Dünya Besin Programı’na (WFP) nazaran Afganların yaklaşık %93’ü kâfi besine sahip değil. Taliban geçen ay denetimi ele geçirmedilk evvel bu oran %80’di.

Kentin genelinde ufak pazarlar oluşmuş. Eski Afganistan’dan toplayabildikleri ufak tefek pahalı eşyalarını satıp, nakit paraya, sıklıkla da besine dönüştürmeye çalışıyorlar.

İnsanların meskenlerinden eşyalarını taşıyan el otomobilleri gördüm. Kıymetli halılar, televizyonlar, çanak çömlek, çatal, bıçak taşıyorlardı. Bir kişi yapay bitki satıyordu. Satanlar epeyce, alanlar azdı. Çoğunluğun nakit parası yok. İkinci el pazarlarında çaresizlik hakimdi.

BBC

Açlık başlı başına bir felaket

şahsi özgürlüklere, kız çocukların eğitimine, bayanların çalışma haklarına yönelik tehditler dünya çapında kınandı. Lakin yatağa aç gidilecek olması, başlı başına bir felaket.

Afganlara yardım etmek isteyen fakat Taliban’ı reddeden ülkeler büyük bir çıkmazla karşı karşıya. İnsanların çalışabilmeleri, para kazanabilmeleri, yaşayabilmeleri ve yiyecek yemekleri olabilmesi için Taliban’ın Afganistan’da dengeli bir devlet inşa etmesi gerekiyor.

Fakat Taliban’la savaşan ABD, İngiltere ve başka ülkeler eski düşmanlarının ‘başarılı’ görünmelerine niye olacak hiç bir şeyi hazmedemez.

Alternatifi daha berbat olabilir; beşerler için daha fazla sefalet, daha fazla mülteci, daha fazla yetersiz beslenen çocuklar, Afganistan’ın bir daha bir ‘başarısız devlet’ olması ve cihatçı militanlar için bir fırsat alanı.

40 yıllık savaşın yarattığı yaranın izlerini hem kentin fazlaca haricinde, uzağında yaşayanlar birebir vakitte burada yaşayan aileler taşıyor. Savaş, hepsinin kıssasını noktalıyor.
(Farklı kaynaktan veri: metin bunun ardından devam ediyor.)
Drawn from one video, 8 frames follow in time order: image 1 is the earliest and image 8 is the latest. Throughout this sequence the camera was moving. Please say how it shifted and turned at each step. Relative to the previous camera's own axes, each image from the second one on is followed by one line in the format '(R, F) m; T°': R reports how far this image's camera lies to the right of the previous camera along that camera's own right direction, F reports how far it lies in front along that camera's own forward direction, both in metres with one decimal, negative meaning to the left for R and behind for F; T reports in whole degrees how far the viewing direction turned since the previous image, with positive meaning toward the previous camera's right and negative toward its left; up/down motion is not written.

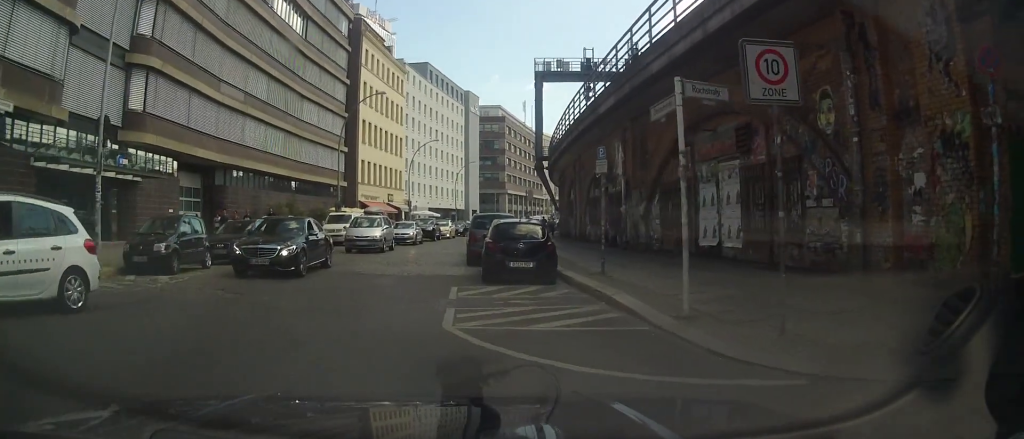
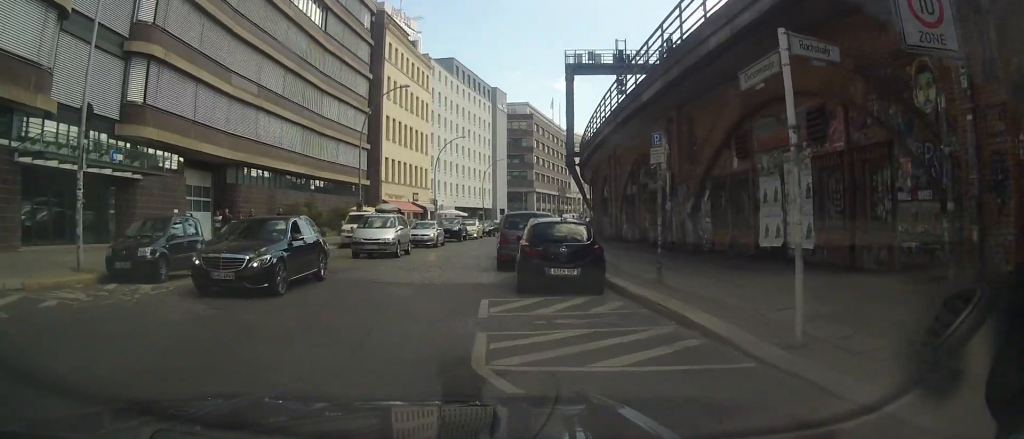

Bir aile yaşananlardan bıkıp Pakistan’a gitmeye karar vermiş. Daireleri neredeyse bomboş. Pakistan’a gidebilmek için sahip olduklarını ikinci el pazarlarında satmışlar.

İsmini vermeyeceğim anne, ailenin konuta ekmek getiren tek üyesiymiş. Öğrencilere elektrik mühendisliği dersleri veriyormuş. Eğitim nazaranvlilerinin hepsi erkek, Taliban da artık onun çalışmasına müsaade vermemiş, en genç kızlarının eğitimi de durmuş.

İtidalli ve kararlıydı ancak konutunu terk etme sonucu almak sıkıntı oldu mu diye sorduğumda sesi değişti, hıçkırıklara boğuldu.

“Çok üzgünüm. Gitme sonucu aldığımdan günden beri kalbim yanıyor. Nasıl yaparım, ne yaparım?

“Kalırsak çalışmamıza yahut eğitim görmemize müsaade vereceklerini sanmıyorum. Ailemi nasıl geçindiririm? Ben açlığa tahammül ederim. Fakat çocuklarımın aç kalmasına katlanamam.”

Yolsuzluk sarmalındaki bir devlette kurdukları kırılgan hayaller, yabancı destekçilerin gitmesiyle büsbütün yok oldu.

Afganistan’ın yeni krizi artık ömrün temel gereksinimlerinin karşılanmasıyla ilgili: Besin, güvenlik ve umut. Ülkeden ayrıldıklarında da, çaresizlik ve öfke.